US attorneys and the Federal Bureau of Investigation have other priorities, whether it's antiterror cases, accounting frauds after Enron's bankruptcy, or Ponzi rip-offs after Bernard Madoff's huge scam. Financial frauds are particularly tough to crack, and many of the prosecutors with the requisite knowledge have been moved to other areas.

Law enforcement agencies have had to compete for a shrinking pot of money from Congress, and the best way to do that is by beefing up their statistics with smaller, easier cases and avoiding the years-long financial fraud probes that may turn up nothing.

The federal government's involvement in the mid-2000s bubble, deregulating the financial industry, keeping interest rates low and such, may also have given prosecutors pause.

The US has shifted over the last 30 years from prosecuting high-level individuals to using delayed-prosecution agreements to settle cases against entire companies. That shift “has led to some lax and dubious behavior on the part of prosecutors," Rakoff said, including allowing managers to sweep crimes under the rug.

But the public at large is not happy with the banksters; witness last week's planned Twitter Q&A session planned by none other than JPMorgan. JPM execs thought it would be way cool to have a Twitter session on the topic of “What carreer advice would you ask a leading exec at a global firm? Tweet a Q using #AskJPM.

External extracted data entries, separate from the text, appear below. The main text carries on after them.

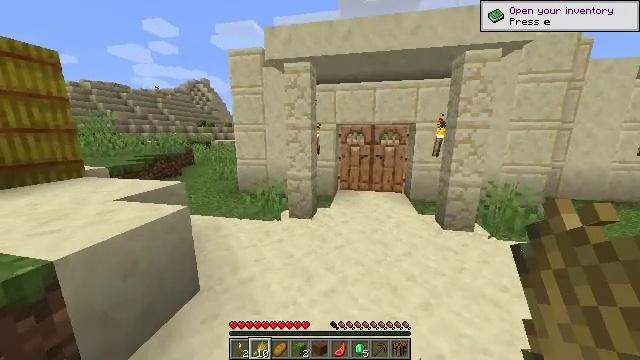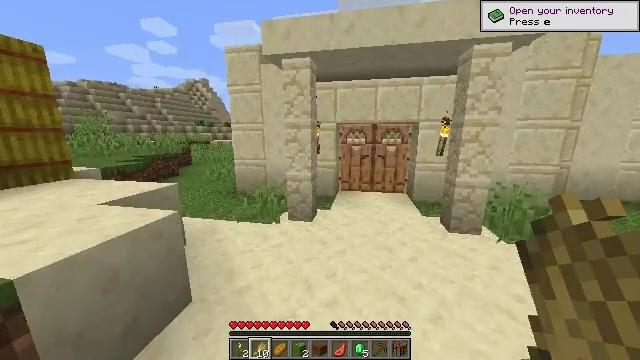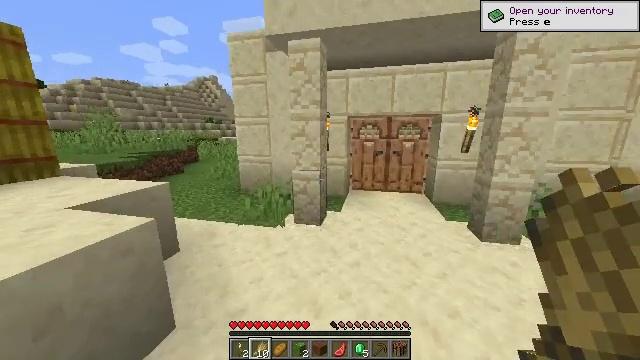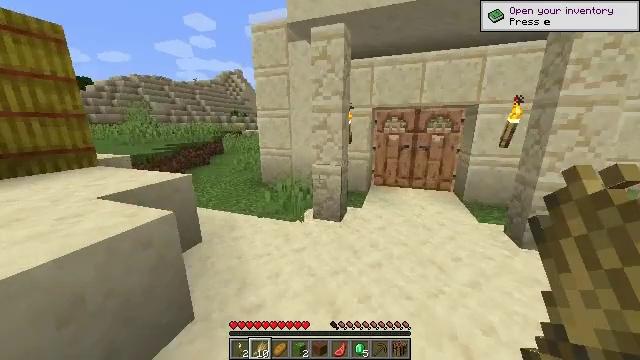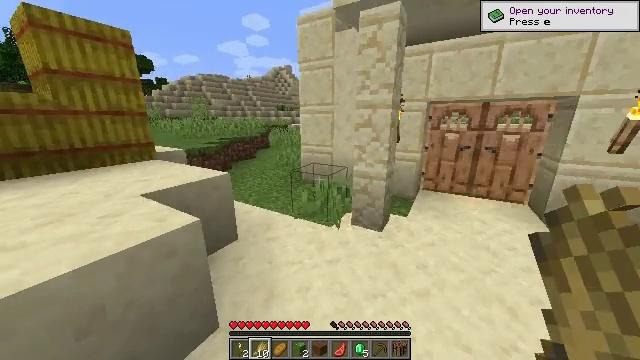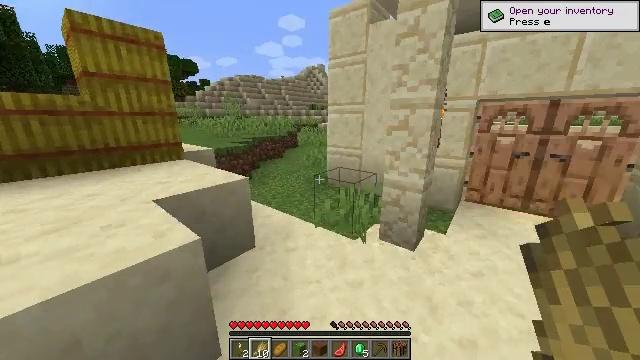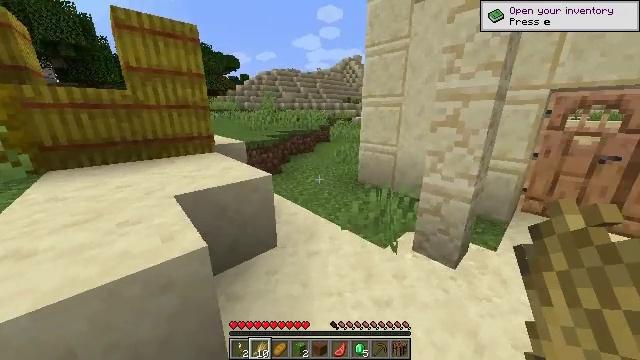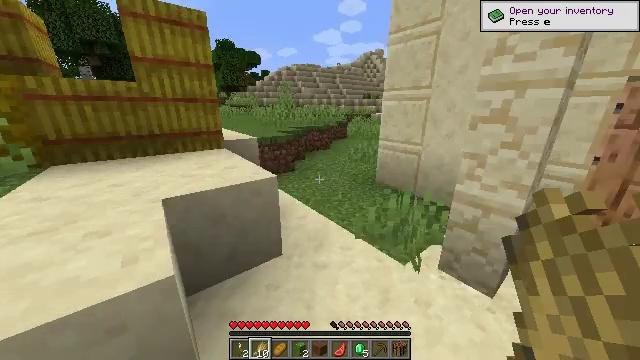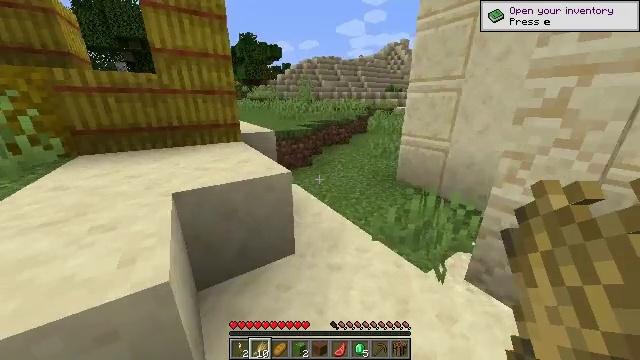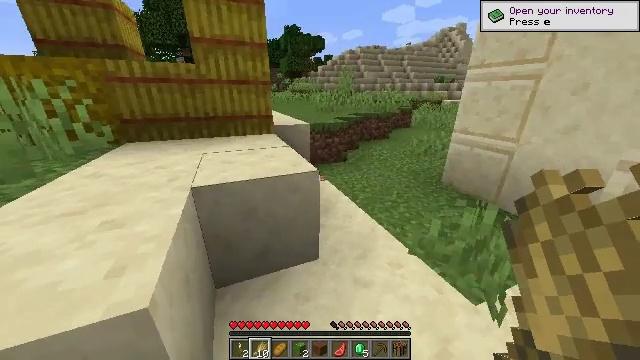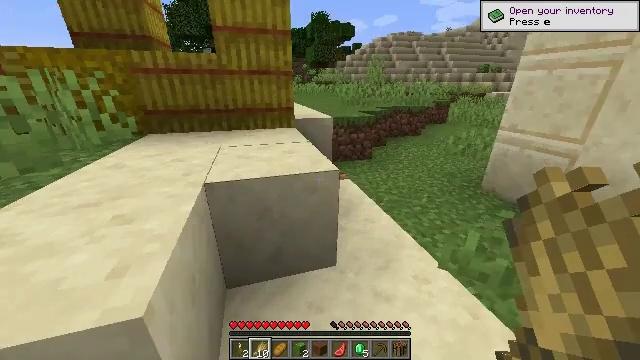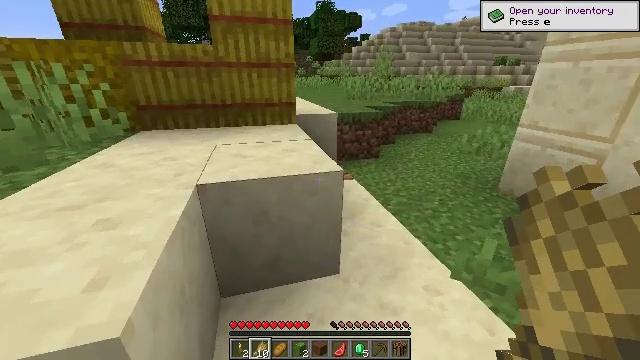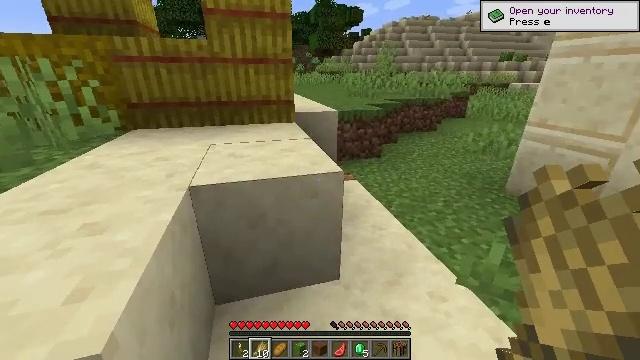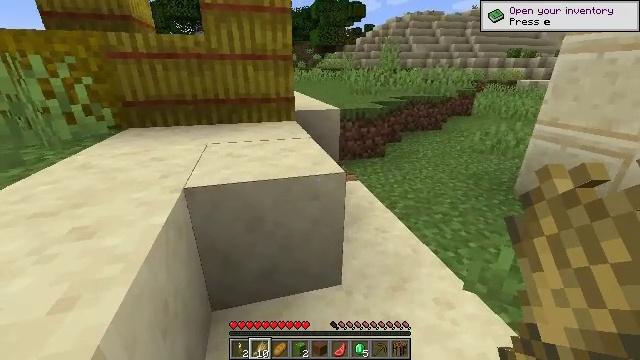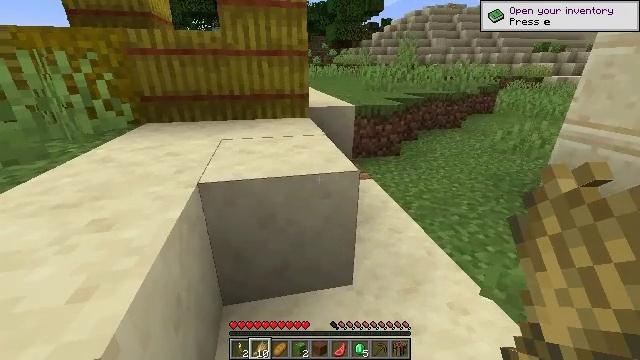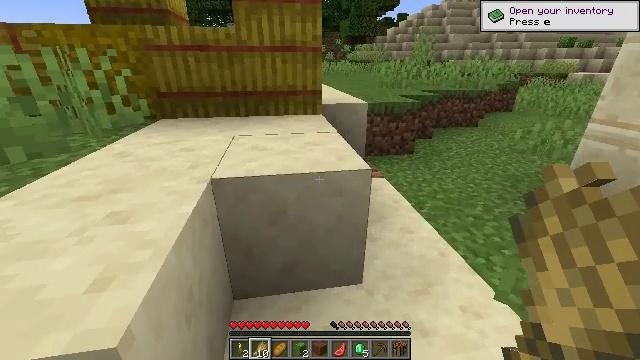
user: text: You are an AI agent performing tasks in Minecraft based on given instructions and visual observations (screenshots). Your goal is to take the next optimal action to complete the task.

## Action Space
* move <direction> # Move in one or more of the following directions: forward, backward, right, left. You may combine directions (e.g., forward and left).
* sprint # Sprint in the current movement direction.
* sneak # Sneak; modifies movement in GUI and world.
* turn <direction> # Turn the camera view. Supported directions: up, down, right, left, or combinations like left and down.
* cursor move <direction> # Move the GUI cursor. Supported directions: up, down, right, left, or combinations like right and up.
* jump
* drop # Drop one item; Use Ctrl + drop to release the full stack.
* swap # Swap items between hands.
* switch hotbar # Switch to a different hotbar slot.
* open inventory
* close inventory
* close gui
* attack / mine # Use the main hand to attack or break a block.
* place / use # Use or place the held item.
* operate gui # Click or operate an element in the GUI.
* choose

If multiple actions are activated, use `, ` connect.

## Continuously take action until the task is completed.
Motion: motion action
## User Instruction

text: Gather smooth sandstone from desert temples or structures.
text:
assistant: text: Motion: move forward, sprint
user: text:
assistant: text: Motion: move forward, sprint, turn left and down
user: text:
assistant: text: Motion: move forward, sprint, turn left and down
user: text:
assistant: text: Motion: move forward, sprint, turn left and down
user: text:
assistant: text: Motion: move forward, sprint, turn left
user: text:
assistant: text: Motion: move forward, sprint, turn left and down
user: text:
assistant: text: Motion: move forward, sprint, turn left and down
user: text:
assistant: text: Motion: move forward, sprint, turn left and down
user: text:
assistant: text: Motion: sprint, turn left and down
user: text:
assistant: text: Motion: turn left
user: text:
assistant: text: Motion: turn left
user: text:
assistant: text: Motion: no_op
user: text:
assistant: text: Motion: no_op
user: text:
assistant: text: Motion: turn left
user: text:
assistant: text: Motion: turn left
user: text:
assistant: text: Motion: no_op
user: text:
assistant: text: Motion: turn left
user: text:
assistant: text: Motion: turn left
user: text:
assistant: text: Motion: no_op
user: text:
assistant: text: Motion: no_op
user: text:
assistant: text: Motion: no_op
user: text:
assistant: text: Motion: turn left
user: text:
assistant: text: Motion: turn left
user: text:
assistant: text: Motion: no_op
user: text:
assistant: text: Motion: no_op
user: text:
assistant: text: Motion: no_op
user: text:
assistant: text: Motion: no_op
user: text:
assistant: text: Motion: no_op
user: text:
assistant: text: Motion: no_op
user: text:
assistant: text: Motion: no_op

So people sent their questions and comments. Here's a sampling:

I have Mortgage Fraud, Market Manipulation, Credit Card Abuse, Libor Rigging and Predatory Lending AM I DIVERSIFIED?

Can I have my house back?

Did you always want to be part of a vast, corrupt criminal enterprise or did you "break bad"?

Is the fact that you've paid over half a billion in fines since August a source or pride, or are you embarrassed it's not higher?

What's it like working with Mexican drug cartels? Do they tip?

When Jamie Dimon eats babies are they served rare? I understand anything above medium-rare is considered gauche.

Is it the ability to throw anyone out of their home that drives you, or just the satisfaction that you know you COULD do it?

Is it easier to purchase a congressional representative or a senator?

How much does JPM spend every year buying off members of the SEC, and what is the average rate?

Did you have a specific number of people's lives you needed to ruin before you considered your business model a success?


After about 7 hours, JPM realized they had lost control and the bank pulled the plug on the social media event.